+++ RECORDS SUPPLIED +++

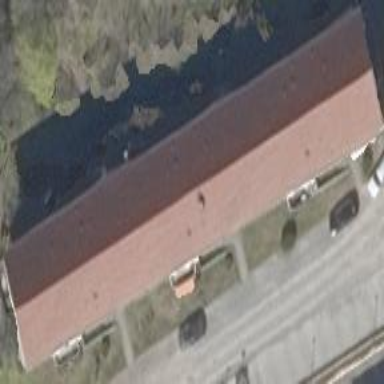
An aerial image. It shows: Gabled roof adorns the apartments building.
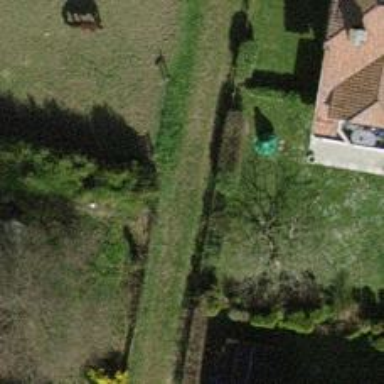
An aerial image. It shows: Hedge acting as barrier.
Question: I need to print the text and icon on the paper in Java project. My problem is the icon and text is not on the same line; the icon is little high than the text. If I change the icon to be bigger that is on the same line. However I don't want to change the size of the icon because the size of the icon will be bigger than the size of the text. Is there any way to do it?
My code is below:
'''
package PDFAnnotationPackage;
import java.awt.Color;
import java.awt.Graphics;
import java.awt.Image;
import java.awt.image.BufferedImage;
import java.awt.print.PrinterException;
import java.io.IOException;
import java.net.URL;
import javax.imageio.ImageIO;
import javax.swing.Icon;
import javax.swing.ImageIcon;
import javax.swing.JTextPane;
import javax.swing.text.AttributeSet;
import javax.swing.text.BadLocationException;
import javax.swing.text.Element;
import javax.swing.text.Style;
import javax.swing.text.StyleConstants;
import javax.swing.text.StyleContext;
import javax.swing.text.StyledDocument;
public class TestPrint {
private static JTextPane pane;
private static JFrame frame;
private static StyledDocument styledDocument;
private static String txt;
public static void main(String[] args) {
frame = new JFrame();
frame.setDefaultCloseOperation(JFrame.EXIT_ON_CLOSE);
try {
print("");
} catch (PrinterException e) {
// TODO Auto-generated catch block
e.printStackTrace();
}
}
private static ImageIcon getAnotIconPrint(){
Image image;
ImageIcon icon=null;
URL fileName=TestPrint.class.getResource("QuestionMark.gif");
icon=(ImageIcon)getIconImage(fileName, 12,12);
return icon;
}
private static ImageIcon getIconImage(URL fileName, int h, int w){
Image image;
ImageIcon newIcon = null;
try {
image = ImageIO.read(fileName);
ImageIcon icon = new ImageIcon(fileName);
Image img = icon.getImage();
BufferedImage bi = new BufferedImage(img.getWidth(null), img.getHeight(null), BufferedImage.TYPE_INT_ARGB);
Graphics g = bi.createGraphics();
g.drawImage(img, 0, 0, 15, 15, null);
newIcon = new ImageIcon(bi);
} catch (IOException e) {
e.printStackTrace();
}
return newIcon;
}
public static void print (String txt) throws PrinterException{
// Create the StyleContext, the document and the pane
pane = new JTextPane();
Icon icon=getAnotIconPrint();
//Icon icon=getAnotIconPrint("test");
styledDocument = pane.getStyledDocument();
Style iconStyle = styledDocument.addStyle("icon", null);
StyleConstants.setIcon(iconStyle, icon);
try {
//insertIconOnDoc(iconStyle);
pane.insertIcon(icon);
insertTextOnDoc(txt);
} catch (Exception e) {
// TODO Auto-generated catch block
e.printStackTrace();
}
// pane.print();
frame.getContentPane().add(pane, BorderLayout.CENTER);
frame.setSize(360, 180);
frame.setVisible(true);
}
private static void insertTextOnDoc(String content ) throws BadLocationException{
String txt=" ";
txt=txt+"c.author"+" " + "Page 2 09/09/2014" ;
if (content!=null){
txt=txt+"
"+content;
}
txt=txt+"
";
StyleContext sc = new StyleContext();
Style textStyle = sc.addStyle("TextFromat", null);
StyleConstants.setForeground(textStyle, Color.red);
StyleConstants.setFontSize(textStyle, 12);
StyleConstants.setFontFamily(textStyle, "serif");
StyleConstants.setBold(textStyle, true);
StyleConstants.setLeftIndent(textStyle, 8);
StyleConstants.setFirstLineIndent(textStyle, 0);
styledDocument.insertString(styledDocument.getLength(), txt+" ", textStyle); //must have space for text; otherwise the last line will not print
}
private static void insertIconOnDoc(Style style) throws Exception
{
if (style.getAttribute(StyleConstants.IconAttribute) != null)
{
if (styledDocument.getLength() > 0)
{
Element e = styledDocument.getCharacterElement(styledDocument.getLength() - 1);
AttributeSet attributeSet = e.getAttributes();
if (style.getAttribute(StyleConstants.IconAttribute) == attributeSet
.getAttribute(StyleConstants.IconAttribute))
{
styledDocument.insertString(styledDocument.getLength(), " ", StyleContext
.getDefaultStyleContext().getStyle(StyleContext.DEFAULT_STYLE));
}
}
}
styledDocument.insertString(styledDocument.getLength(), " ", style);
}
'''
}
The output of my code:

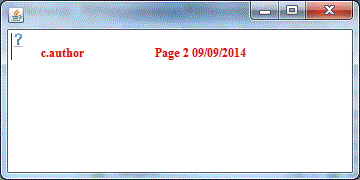
Answer: I figured it out by referencing <URL> . I added my icon and text in the label and put it into JPanel. The JPanel put it into JTextPane. The icon and text are same height.

+++

▸ PROBLEM DETAILS: How many lines in the data contain "insertTextOnDoc"? Answer with the number alone.

▸ OUTPUT FOR THIS TASK: 2